Task brief: Repeat exactly, and only, the lines of the entries below from the one with "H&E-stained tissue: Tonsil" through the one with "gpt: There are many trees around the lake .", both ends included.

(Extracted entries)

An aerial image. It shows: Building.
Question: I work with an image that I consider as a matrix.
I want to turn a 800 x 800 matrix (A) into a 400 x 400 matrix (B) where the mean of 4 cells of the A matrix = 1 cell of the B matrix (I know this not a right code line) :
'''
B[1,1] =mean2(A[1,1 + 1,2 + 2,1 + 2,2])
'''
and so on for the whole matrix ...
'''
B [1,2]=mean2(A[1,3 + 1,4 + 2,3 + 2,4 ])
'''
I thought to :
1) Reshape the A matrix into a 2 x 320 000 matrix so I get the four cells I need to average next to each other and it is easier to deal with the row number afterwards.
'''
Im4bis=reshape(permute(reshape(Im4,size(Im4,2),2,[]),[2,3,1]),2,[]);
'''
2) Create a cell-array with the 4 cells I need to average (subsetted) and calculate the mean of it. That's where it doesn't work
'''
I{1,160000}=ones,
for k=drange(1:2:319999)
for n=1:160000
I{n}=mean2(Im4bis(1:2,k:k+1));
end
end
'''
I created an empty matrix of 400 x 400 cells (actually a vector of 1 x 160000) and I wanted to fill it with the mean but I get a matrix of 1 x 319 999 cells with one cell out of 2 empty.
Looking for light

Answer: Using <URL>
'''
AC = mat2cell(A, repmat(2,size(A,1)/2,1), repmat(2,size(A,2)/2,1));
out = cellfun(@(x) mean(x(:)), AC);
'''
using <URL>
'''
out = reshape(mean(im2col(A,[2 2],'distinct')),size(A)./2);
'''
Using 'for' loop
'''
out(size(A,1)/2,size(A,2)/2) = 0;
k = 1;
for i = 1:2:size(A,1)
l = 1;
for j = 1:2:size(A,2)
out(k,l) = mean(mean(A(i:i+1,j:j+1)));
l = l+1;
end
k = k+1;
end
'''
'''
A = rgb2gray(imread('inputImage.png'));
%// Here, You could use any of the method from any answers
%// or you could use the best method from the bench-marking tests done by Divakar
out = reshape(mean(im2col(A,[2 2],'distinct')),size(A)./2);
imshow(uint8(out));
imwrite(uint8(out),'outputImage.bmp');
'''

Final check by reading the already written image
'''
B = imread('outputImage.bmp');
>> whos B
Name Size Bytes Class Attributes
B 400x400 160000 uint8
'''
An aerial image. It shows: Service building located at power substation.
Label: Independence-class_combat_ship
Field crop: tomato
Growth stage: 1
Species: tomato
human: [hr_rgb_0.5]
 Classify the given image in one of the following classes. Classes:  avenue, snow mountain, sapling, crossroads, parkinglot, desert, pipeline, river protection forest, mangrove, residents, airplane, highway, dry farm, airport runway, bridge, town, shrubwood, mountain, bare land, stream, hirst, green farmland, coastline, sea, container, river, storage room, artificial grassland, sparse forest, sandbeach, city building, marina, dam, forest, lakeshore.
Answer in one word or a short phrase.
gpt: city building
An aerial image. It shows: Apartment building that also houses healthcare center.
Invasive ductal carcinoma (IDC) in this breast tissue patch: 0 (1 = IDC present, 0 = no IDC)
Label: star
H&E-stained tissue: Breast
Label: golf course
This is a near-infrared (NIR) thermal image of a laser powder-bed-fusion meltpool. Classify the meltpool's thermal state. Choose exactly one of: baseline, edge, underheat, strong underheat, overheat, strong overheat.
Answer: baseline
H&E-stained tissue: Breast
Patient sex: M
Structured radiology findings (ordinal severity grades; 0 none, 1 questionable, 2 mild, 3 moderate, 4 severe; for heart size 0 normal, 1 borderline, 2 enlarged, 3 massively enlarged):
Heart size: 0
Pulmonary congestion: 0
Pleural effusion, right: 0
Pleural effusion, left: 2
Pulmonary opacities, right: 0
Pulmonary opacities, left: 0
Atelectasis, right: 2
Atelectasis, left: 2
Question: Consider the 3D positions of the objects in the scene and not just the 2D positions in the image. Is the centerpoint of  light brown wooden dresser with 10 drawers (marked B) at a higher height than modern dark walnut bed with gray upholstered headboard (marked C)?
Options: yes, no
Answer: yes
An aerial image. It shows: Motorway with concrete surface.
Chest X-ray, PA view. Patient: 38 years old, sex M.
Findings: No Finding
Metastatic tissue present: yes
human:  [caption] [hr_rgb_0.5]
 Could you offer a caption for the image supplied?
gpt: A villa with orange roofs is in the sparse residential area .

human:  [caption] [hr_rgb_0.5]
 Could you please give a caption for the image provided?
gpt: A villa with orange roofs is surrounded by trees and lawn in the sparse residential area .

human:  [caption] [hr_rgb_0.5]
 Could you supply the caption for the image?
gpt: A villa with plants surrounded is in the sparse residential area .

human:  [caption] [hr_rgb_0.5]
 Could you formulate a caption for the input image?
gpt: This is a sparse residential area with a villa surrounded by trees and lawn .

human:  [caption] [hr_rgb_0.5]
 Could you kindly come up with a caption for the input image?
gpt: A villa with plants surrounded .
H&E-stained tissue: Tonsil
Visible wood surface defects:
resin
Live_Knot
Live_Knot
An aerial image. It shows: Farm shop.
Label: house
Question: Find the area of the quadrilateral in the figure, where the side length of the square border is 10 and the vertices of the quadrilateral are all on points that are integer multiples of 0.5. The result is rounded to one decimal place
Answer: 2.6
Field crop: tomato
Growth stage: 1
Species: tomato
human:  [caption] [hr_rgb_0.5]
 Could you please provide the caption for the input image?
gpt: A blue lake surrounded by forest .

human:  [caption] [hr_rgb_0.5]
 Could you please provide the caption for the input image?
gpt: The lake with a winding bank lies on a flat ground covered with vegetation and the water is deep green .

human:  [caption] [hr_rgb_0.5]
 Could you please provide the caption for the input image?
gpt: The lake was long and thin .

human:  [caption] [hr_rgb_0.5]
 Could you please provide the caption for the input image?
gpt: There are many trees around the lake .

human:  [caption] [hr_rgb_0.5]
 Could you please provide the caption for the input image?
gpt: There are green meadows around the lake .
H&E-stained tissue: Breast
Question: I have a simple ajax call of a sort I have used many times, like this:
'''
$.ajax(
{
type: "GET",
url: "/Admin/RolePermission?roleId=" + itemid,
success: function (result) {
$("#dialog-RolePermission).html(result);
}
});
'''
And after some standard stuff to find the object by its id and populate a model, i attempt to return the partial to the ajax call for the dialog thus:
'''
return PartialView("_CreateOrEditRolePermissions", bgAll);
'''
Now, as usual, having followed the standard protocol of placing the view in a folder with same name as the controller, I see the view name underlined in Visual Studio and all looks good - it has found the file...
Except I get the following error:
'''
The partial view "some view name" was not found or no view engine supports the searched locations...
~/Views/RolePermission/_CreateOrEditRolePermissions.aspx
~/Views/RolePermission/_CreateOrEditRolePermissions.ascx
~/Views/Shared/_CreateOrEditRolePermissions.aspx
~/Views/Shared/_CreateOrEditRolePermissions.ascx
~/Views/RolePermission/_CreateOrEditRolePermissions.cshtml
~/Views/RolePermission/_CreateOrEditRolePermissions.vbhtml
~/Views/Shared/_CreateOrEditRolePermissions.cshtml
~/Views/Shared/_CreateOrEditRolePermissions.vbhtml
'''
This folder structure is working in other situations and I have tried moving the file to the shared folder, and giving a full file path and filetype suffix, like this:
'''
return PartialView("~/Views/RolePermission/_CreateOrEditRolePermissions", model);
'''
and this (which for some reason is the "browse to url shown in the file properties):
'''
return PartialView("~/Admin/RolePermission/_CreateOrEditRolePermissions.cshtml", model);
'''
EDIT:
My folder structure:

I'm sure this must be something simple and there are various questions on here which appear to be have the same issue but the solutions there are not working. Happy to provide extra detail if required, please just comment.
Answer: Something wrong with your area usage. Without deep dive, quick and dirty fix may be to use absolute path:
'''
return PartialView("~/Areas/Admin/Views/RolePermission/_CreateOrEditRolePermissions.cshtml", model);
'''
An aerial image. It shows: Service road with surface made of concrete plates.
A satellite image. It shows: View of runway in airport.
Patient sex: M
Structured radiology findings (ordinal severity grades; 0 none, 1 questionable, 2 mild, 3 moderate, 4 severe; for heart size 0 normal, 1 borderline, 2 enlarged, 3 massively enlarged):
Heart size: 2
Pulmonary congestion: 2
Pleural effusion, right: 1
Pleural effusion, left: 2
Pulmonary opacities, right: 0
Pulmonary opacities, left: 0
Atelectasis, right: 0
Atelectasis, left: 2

(End Extracted entries)

Task solution:
H&E-stained tissue: Tonsil
Visible wood surface defects:
resin
Live_Knot
Live_Knot
An aerial image. It shows: Farm shop.
Label: house
Question: Find the area of the quadrilateral in the figure, where the side length of the square border is 10 and the vertices of the quadrilateral are all on points that are integer multiples of 0.5. The result is rounded to one decimal place
Answer: 2.6
Field crop: tomato
Growth stage: 1
Species: tomato
human:  [caption] [hr_rgb_0.5]
 Could you please provide the caption for the input image?
gpt: A blue lake surrounded by forest .

human:  [caption] [hr_rgb_0.5]
 Could you please provide the caption for the input image?
gpt: The lake with a winding bank lies on a flat ground covered with vegetation and the water is deep green .

human:  [caption] [hr_rgb_0.5]
 Could you please provide the caption for the input image?
gpt: The lake was long and thin .

human:  [caption] [hr_rgb_0.5]
 Could you please provide the caption for the input image?
gpt: There are many trees around the lake .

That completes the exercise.